# allo



## ttula (Aug 19, 2008)

Hi, I'm a noob here. I just joined today, I've been here all of fifteen minutes now. I write short stories, I've been a writer and an avid reader for as long as I can remember.  I'm hoping to progress in my work by learning as much as I can and look forward to being a part of your community here.


----------



## tepelus (Aug 19, 2008)

Welcome!
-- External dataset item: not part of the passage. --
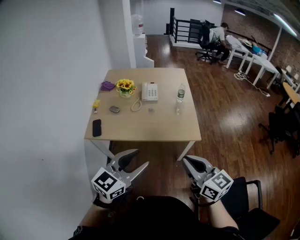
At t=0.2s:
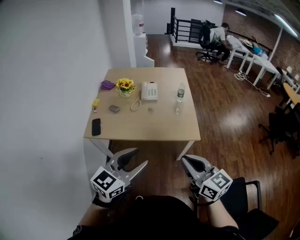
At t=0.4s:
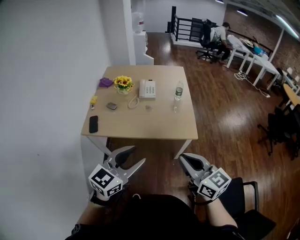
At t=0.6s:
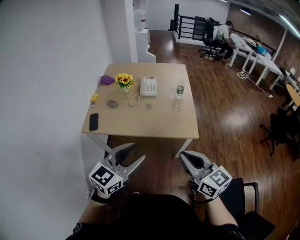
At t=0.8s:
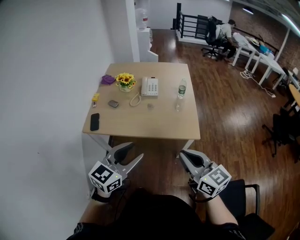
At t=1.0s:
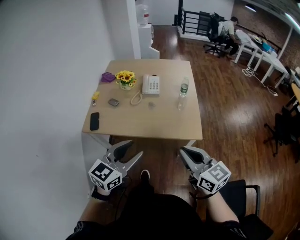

Hope you enjoy it here!


----------



## Nickie (Aug 19, 2008)

Hello to you, Ttula, and welcome to the forum!


Nickie


----------



## No Brakes (Aug 19, 2008)

Welcome to the forums!


----------



## Chicken.Nugget (Aug 19, 2008)

Hey welcome  I'm new myself, but glad you made it here


----------



## Shinn (Aug 19, 2008)

Hello there


----------



## Sam (Aug 20, 2008)

Welcome to the forum.


----------



## moderan (Aug 20, 2008)

Greetings.


----------



## Tiamat (Aug 20, 2008)

Hello there and welcome to WF!


----------



## Raphael Kiltron (Aug 20, 2008)

Welcome, you should learn a lot here.


----------



## terrib (Aug 20, 2008)

welcome tula


----------